Material to process
--------------------------------------------------
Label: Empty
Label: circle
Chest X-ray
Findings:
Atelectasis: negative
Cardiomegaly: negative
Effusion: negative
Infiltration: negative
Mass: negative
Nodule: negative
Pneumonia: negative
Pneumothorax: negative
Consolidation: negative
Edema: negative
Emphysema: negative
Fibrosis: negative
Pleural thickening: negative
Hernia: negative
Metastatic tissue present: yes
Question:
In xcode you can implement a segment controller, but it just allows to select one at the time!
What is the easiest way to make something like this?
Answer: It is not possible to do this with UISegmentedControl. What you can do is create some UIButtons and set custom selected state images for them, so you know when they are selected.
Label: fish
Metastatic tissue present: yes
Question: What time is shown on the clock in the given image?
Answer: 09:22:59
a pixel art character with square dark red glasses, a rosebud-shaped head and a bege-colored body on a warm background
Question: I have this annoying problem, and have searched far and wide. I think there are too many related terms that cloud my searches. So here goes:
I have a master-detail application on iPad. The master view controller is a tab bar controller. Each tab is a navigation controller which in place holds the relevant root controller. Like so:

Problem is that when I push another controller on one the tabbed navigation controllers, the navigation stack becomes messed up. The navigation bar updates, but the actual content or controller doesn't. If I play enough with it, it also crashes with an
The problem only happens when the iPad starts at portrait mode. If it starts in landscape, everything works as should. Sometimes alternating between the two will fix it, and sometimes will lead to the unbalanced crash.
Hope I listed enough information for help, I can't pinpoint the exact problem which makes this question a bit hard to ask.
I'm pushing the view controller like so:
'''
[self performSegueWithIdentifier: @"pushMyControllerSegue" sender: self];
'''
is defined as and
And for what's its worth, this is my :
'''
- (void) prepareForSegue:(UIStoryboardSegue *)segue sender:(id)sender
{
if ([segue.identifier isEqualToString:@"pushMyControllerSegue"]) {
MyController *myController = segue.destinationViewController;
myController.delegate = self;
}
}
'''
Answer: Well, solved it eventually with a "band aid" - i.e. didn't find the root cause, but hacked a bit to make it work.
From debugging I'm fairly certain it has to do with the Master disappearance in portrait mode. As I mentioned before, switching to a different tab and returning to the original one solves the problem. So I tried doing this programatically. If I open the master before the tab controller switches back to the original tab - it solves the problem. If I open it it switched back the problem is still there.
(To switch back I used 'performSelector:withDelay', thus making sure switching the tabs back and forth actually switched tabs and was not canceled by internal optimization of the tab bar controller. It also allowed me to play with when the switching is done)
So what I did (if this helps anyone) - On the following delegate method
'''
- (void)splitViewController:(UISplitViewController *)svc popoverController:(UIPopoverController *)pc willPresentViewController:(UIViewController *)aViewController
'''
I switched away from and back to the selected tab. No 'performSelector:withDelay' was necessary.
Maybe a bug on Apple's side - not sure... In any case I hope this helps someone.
--------------------------------------------------
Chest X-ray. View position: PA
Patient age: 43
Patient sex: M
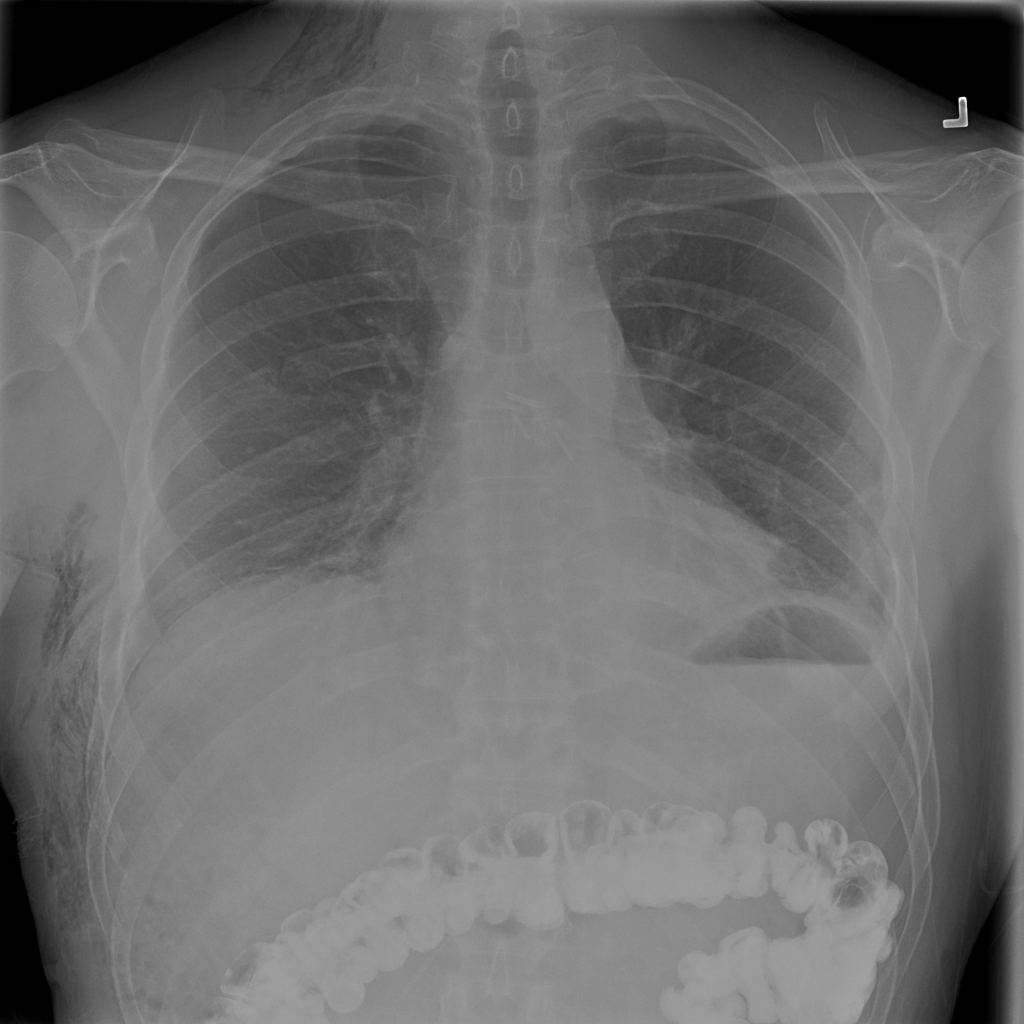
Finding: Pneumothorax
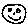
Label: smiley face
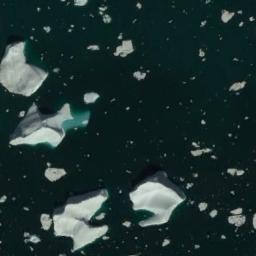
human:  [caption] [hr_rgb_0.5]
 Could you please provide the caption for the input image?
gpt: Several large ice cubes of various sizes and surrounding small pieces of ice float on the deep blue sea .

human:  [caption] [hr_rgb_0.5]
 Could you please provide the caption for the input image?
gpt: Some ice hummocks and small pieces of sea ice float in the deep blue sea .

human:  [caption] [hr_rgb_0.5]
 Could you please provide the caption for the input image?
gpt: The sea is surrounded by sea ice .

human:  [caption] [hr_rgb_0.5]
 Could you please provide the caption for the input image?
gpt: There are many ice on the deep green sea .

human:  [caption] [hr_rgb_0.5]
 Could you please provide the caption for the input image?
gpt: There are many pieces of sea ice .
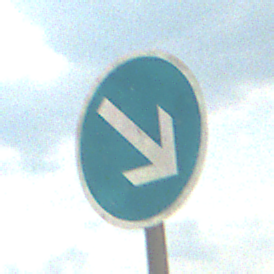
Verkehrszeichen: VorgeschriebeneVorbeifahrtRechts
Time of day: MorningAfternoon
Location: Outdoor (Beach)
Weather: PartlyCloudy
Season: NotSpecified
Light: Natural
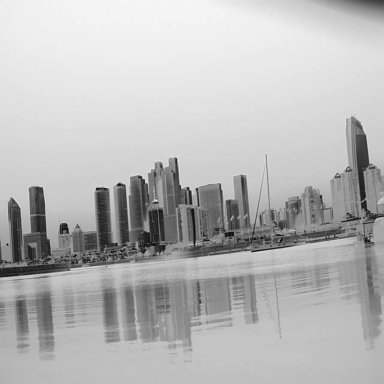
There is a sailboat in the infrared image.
--------------------------------------------------
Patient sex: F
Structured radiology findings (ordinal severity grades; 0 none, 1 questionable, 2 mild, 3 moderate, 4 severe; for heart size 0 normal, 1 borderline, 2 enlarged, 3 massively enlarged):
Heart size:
--------------------------------------------------
Activity
Please return only the lines above, starting at the line that has "Cardiomegaly: negative" and ending at the line that has "Question: What time", keeping both and leaving each one unchanged.

Output for this exercise
Cardiomegaly: negative
Effusion: negative
Infiltration: negative
Mass: negative
Nodule: negative
Pneumonia: negative
Pneumothorax: negative
Consolidation: negative
Edema: negative
Emphysema: negative
Fibrosis: negative
Pleural thickening: negative
Hernia: negative
Metastatic tissue present: yes
Question:
In xcode you can implement a segment controller, but it just allows to select one at the time!
What is the easiest way to make something like this?
Answer: It is not possible to do this with UISegmentedControl. What you can do is create some UIButtons and set custom selected state images for them, so you know when they are selected.
Label: fish
Metastatic tissue present: yes
Question: What time is shown on the clock in the given image?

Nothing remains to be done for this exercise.